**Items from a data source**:
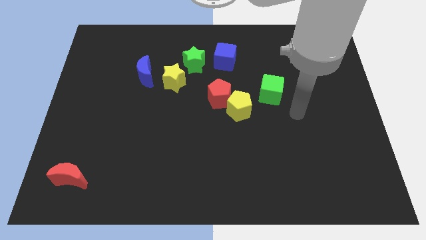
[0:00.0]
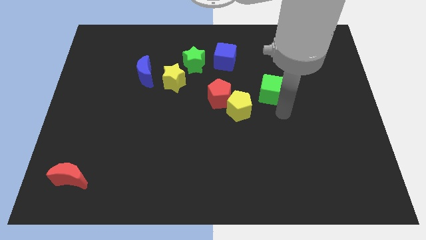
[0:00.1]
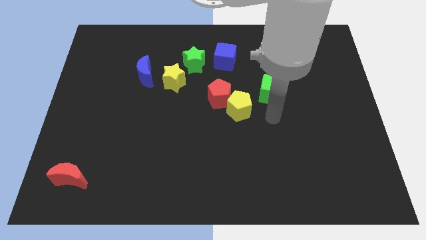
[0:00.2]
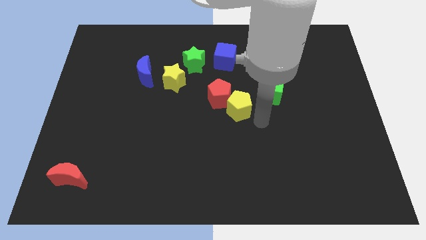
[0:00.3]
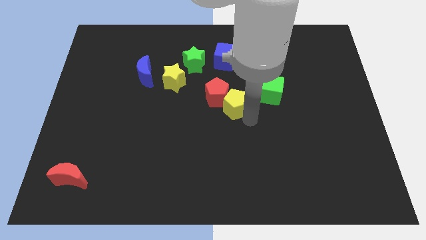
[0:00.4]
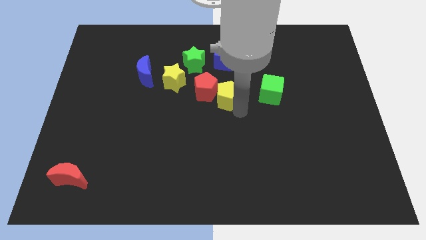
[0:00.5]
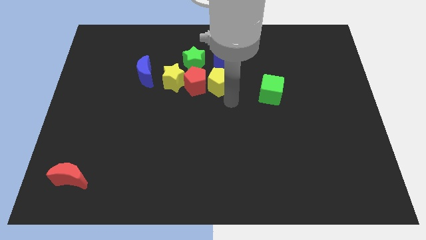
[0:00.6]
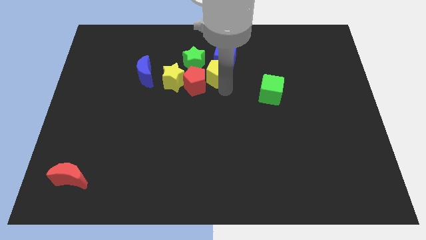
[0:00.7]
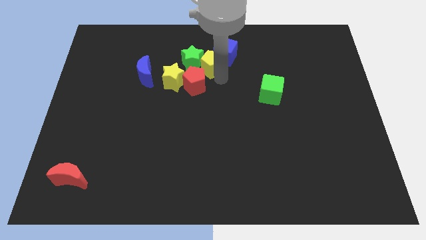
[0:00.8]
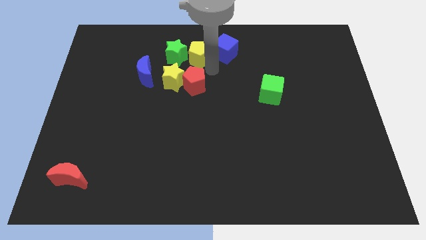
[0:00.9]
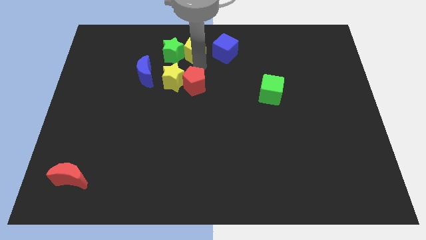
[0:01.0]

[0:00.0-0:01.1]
pull the red pentagon apart from the yellow pentagon

**DIRECTIONS**:
The task calls for repeating each line above exactly while excluding the pictures.

**OUTPUT OF THE EXERCISE**:
[0:00.0]
[0:00.1]
[0:00.2]
[0:00.3]
[0:00.4]
[0:00.5]
[0:00.6]
[0:00.7]
[0:00.8]
[0:00.9]
[0:01.0]

[0:00.0-0:01.1]
pull the red pentagon apart from the yellow pentagon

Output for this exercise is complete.